TCI Renewables is bidding to develop the Upper Vaunces wind farm, on land in Dickleburgh and Pulham Market after a first application was rejected by South Norfolk Council, and then also thrown out at appeal by the Planning Inspectorate about a year ago.
The three turbines would be 126m in height, standing for 25 years and could power 4,000 homes.
South Norfolk Council’s planning committee met on Wednesday especially to discuss the plan, but in the unusual circumstances of not being able to refuse planning permission.
That is because TCI has already taken its plans above the council’s head to appeal, due to be heard in January.

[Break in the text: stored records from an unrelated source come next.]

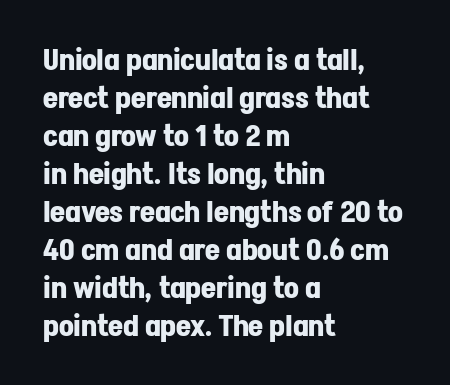
Q: Is the text bold? A: Yes.
Q: Is the text italic (slanted)? A: No, it is upright.
Q: Is the typeface a serif or a sans-serif typeface? A: Sans-serif.
Q: Is the text underlined? A: No.
Q: How is the paragraph aligned? A: Left-aligned.
Q: Is the spacing between letters normal or unusually wide? A: Normal.
Q: Is the spacing between lines tight, normal or loose? A: Normal.
Q: Width (condensed, normal, or wide)? A: Normal.
Q: Stroke contrast? A: Low.
Q: x-height? A: Medium.
Q: Monospaced? A: No.
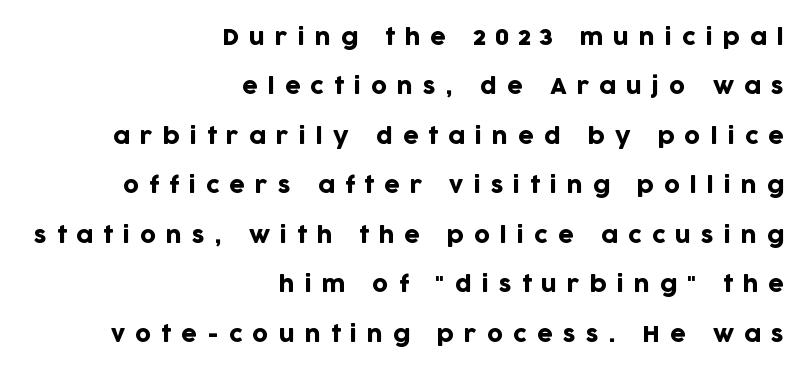
The passage shown is not underscored anywhere. The leading is generous, giving the passage an open texture. Horizontally, the lines are justified to the trailing edge only. Letter spacing: wide.
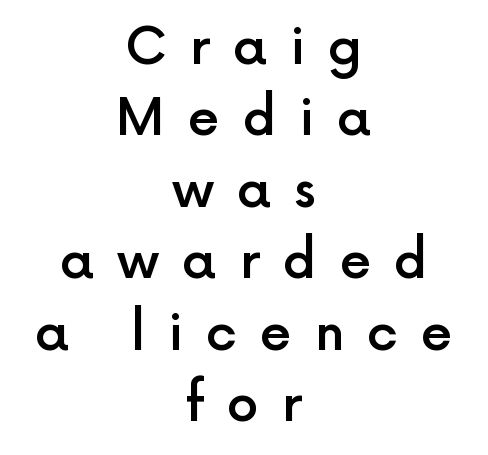
The image shows 51 px semibold sans-serif type, upright; set centered, normal line spacing (1.4x), unusually wide letter spacing (+0.45 em), not underlined; a medium x-height.
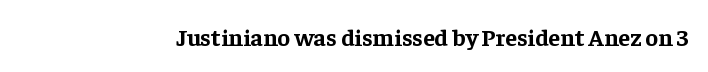
The image shows 24 px bold type, upright; set normal letter spacing, not underlined.
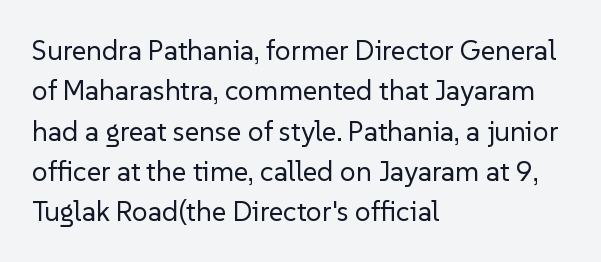
The image shows 28 px regular-weight sans-serif type, upright; set left-aligned, normal line spacing (1.44x), normal letter spacing, not underlined; low stroke contrast and a medium x-height.
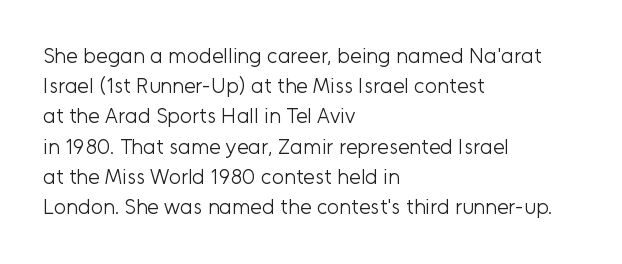
The image shows 21 px text type, upright; set left-aligned, normal line spacing (1.44x), normal letter spacing, not underlined.
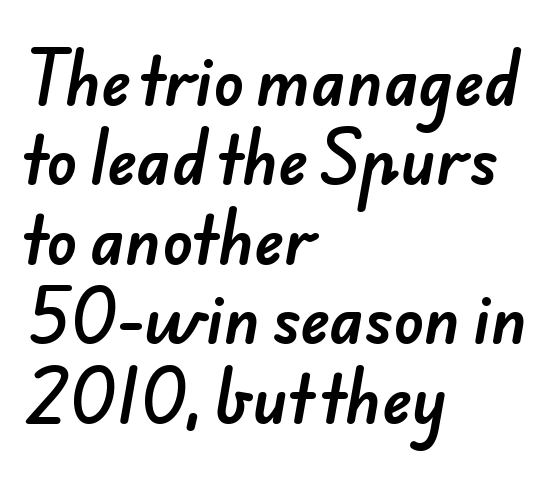
{"serif": "no", "width": "normal", "stroke_contrast": "low", "x_height": "small", "monospaced": "no", "underline": "no", "align": "left", "line_spacing": "normal", "line_spacing_ratio": 1.26, "letter_spacing": "normal", "letter_spacing_em": 0.0, "glyph_px": 63}
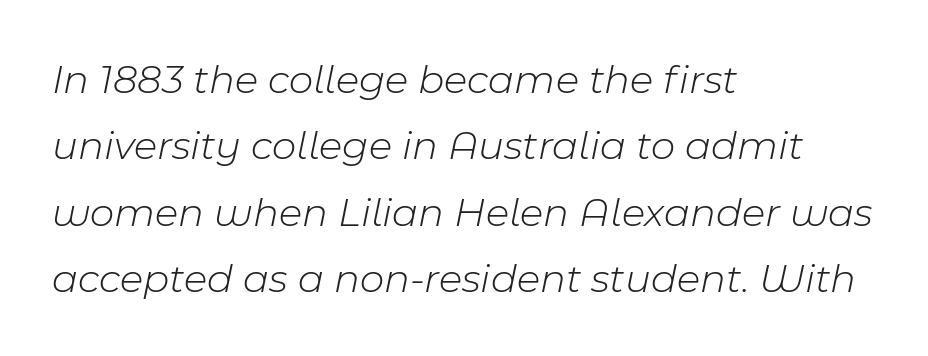
Character widths vary here, with narrow letters taking less room than wide ones. Emphasis-style slanted type is in use. Nobody drew a line under any word here. No letter is thick-stroked: the sample isn't bold.
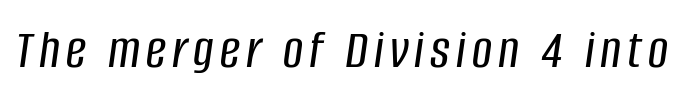
Q: Is the text italic (slanted)? A: Yes, it leans right by about 8 degrees.
Q: Is the text underlined? A: No.
Q: Width (condensed, normal, or wide)? A: Condensed.
Q: Stroke contrast? A: Low.
Q: x-height? A: Large.
Q: Monospaced? A: No.

Under planning law, anyone applying for planning permission can take their bid to appeal, if the planning authority does not make a decision within eight weeks.
But South Norfolk Council felt it necessary to hold a planning meeting to put a clear decision forward at the appeal hearing.
The committee agreed with the council’s planning officers that the wind farm should be rejected
Campaign group 4Villages has been fighting the plans. Lucy Melrose, of the group, said: “This application to all intents and purposes is pretty much the same as the last one. We have never wavered from the fact that this is an unsuitable site.”
The council concluded that the positioning of the turbines, on last east of Semere Green Lane, had an “unacceptable impact in the landscape”, harmed the setting of the Grade-I listed St Mary’s Church in Rushall, would still lead to “impacts on the living conditions of a number of properties”, and that there was still a lack of information on potential land contaminants on the former airfield site.
TCI Renewables and South Norfolk Council did not wish to comment while an appeal was pending.